AI CLIs like Claude Code, Gemini CLI, and Cursor accelerate delivery, but they default to happy-path code. Here's the workflow I use to wrap them in production-grade engineering discipline.

|9 min read

Introduction

Terminal-based AI coding agents like Claude Code, Gemini CLI, Qwen CLI, and Cursor accelerate development by translating natural language into working code. But they share a predictable flaw: they optimize for speed and completeness over safety. Without guardrails, they generate happy-path implementations that skip error handling, omit test coverage, ignore observability, and bypass rollback strategies.

The solution is not to restrict the AI, but to structure the interaction. This workflow enforces engineering discipline at every stage, ensuring AI output meets production standards before it reaches version control.

Initial Setup: Anchor AI Behavior & Tool Syntax

Most CLI agents support auto-loading project context files at the start of each session (verify your tool's version for exact behavior). To anchor the AI, place one of the following in your repository root:

  • CLAUDE.md (Claude Code)
  • .cursorrules (Cursor)
  • AGENTS.md or .gemini/config (Gemini CLI, Qwen CLI, custom agents)

Include your tech stack, coding standards, and architectural preferences in the file. This prevents repetitive prompting and ensures consistent behavior across fresh sessions.

💡 Pro tip: Paste the baseline directive below directly into your context file and omit it from individual phase prompts. This saves ~150 tokens/turn and prevents duplication drift.

Baseline Directive for Context File:

1 You are a senior production engineer. Always prioritize security, observability, and rollback safety over speed. Never skip error handling, tests, or structured logging. Output diffs, not raw files. Ask clarifying questions before assuming edge cases.
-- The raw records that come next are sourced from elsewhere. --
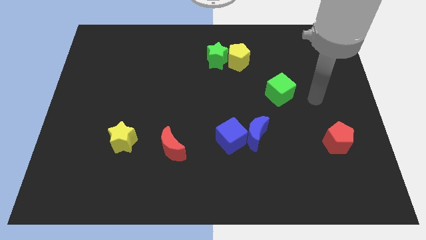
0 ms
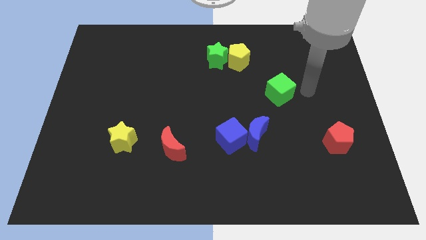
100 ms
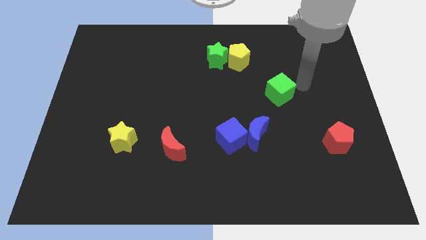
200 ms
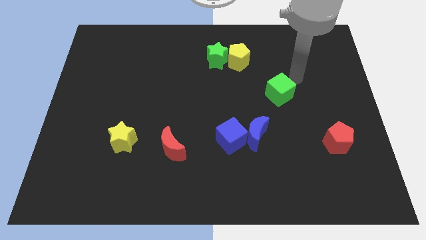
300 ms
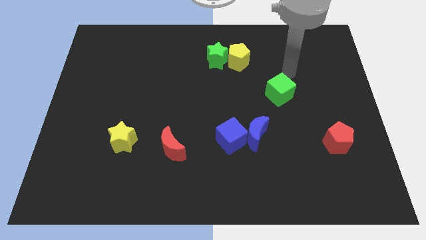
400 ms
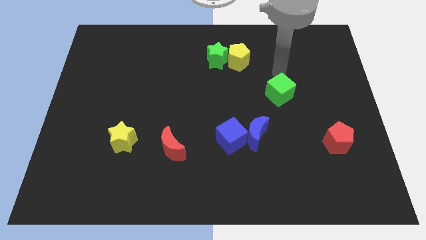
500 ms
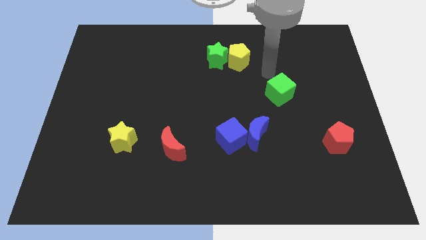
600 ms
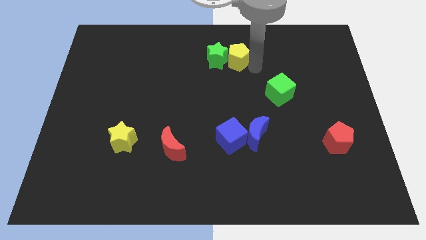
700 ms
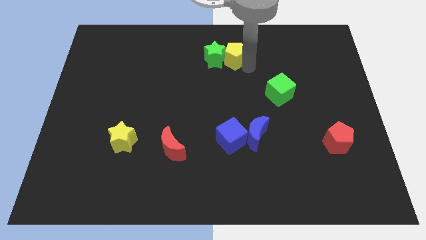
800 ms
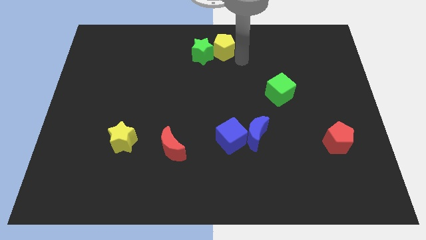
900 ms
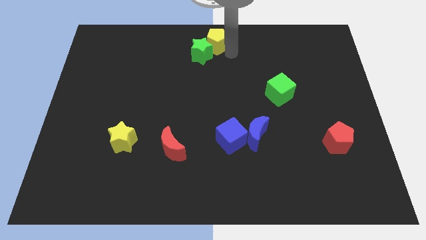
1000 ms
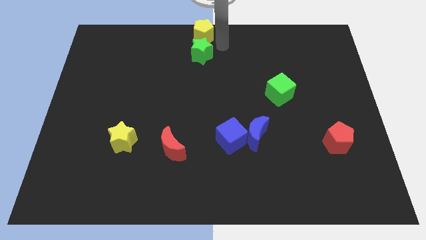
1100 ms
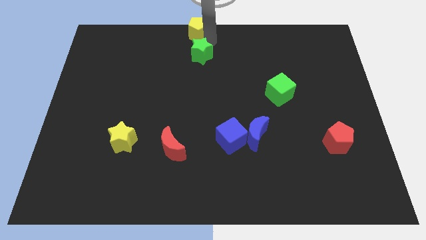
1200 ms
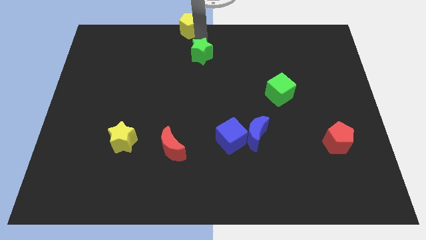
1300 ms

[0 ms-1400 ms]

Tool-Specific Execution Notes:

  • Claude Code: Use /plan to lock the agent into design mode. Reference files with @path to inject exact context.
  • Cursor: Use @workspace or @file to scope the agent. Enable Agent Mode for iterative file generation.
  • Gemini CLI / Qwen CLI: Pass --context-file PLAN.md or use inline @ references. Some versions support --strict or sandbox flags to reduce speculative code generation—check your CLI docs for availability.

Required Upstream Artifacts:

The workflow assumes pre-existing or stakeholder-provided reference material — user stories, acceptance criteria, business rules, regulatory constraints, and any existing schema or API contracts. Place these in a dedicated directory (e.g., docs/references/) and pass them by @path when prompting Phase 1.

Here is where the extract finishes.